* Task statement
Could you return the data that follows exactly, minus the images?

* Supplied entries

****

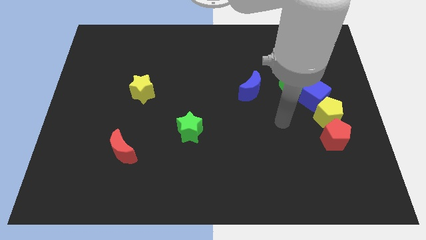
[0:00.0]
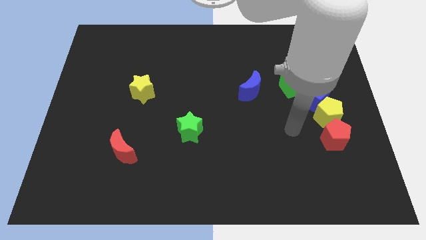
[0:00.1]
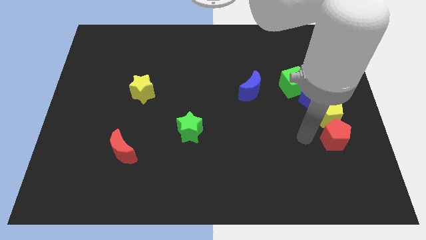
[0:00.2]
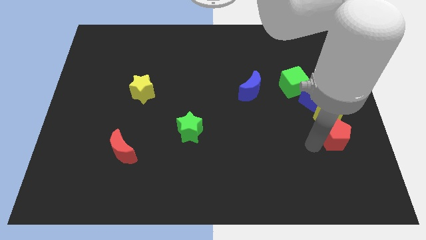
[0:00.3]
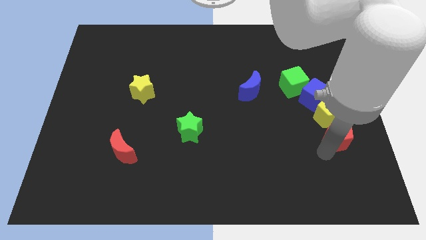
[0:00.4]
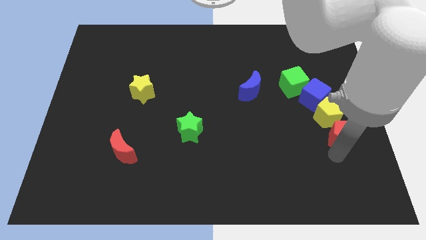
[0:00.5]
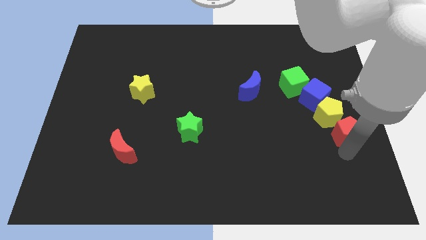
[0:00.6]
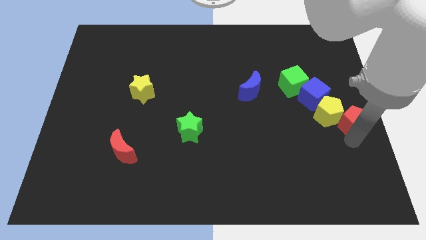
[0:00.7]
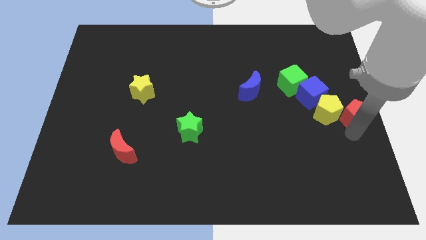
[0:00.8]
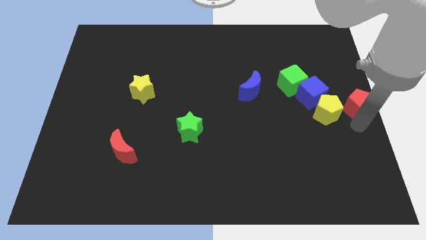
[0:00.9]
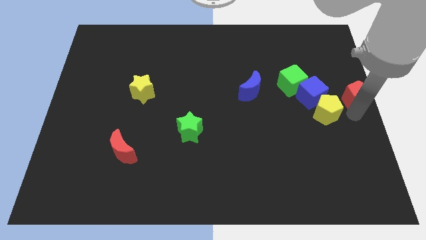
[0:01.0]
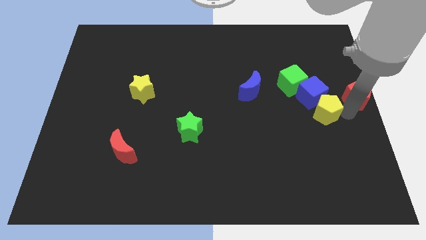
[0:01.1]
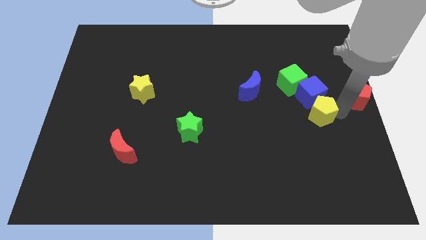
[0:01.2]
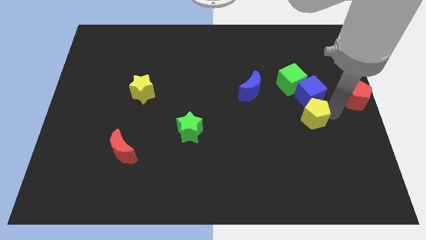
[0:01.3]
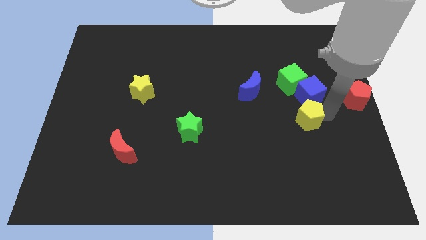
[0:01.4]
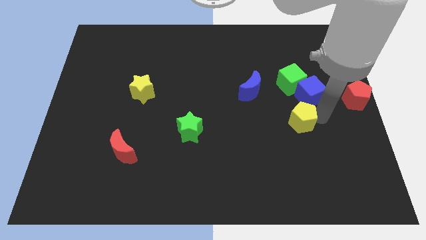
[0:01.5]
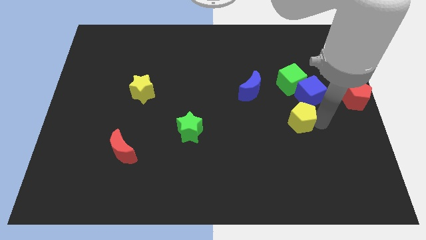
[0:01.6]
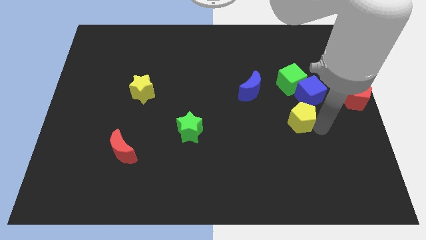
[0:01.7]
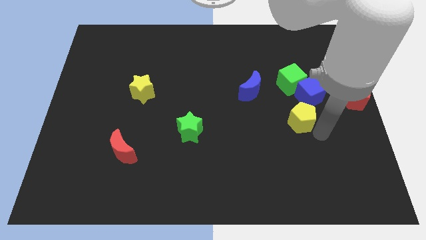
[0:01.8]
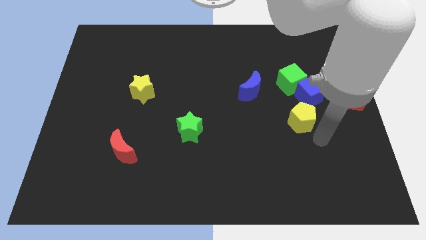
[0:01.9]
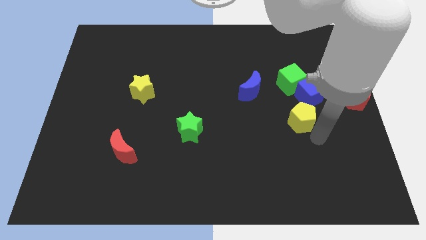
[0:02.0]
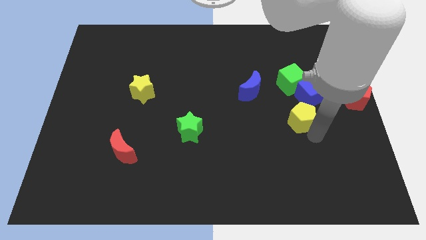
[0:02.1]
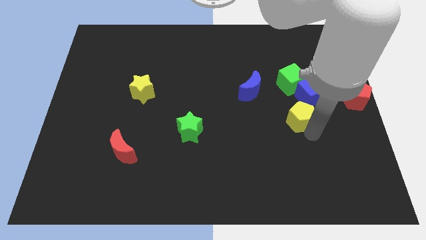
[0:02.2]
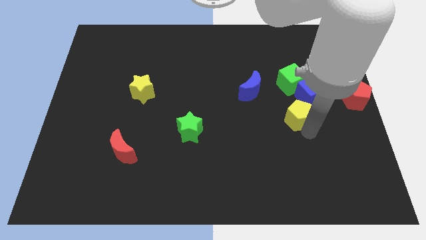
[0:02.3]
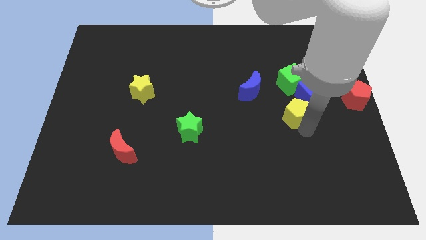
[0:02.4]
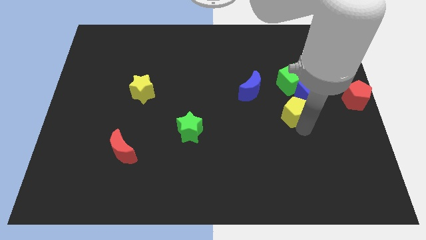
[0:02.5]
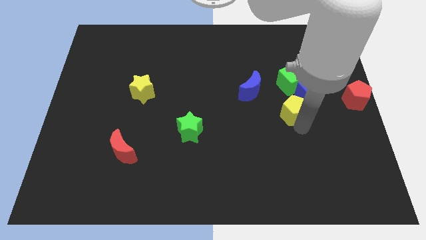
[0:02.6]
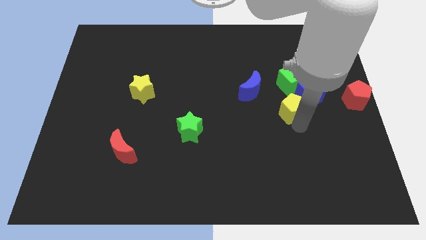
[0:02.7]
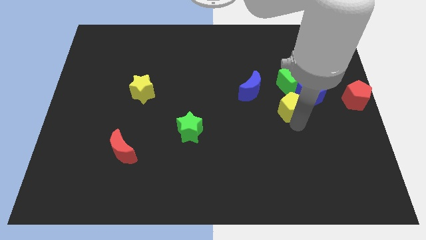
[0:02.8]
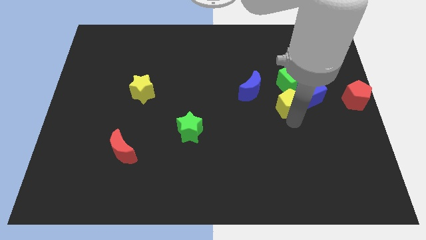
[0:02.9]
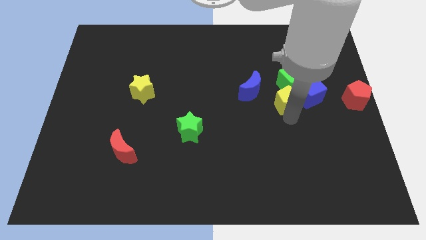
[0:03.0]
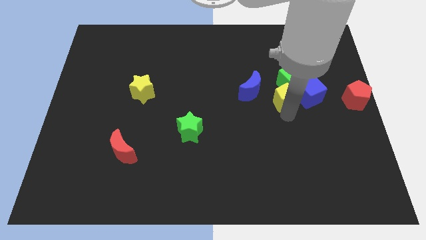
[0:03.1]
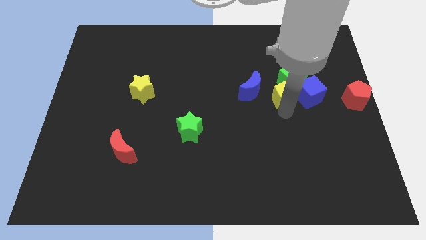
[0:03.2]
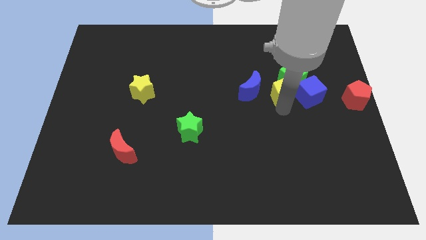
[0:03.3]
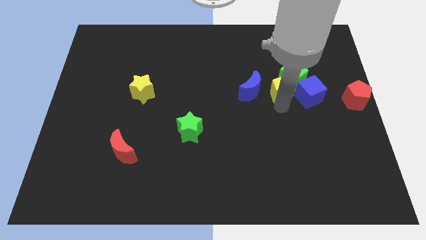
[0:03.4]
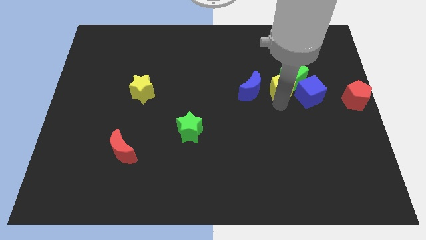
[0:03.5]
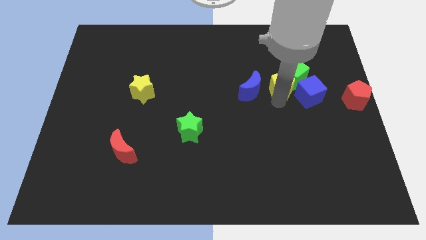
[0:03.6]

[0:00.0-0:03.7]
move the yellow pentagon to the top right of the blue moon

****

* Answer space
[0:00.0]
[0:00.1]
[0:00.2]
[0:00.3]
[0:00.4]
[0:00.5]
[0:00.6]
[0:00.7]
[0:00.8]
[0:00.9]
[0:01.0]
[0:01.1]
[0:01.2]
[0:01.3]
[0:01.4]
[0:01.5]
[0:01.6]
[0:01.7]
[0:01.8]
[0:01.9]
[0:02.0]
[0:02.1]
[0:02.2]
[0:02.3]
[0:02.4]
[0:02.5]
[0:02.6]
[0:02.7]
[0:02.8]
[0:02.9]
[0:03.0]
[0:03.1]
[0:03.2]
[0:03.3]
[0:03.4]
[0:03.5]
[0:03.6]

[0:00.0-0:03.7]
move the yellow pentagon to the top right of the blue moon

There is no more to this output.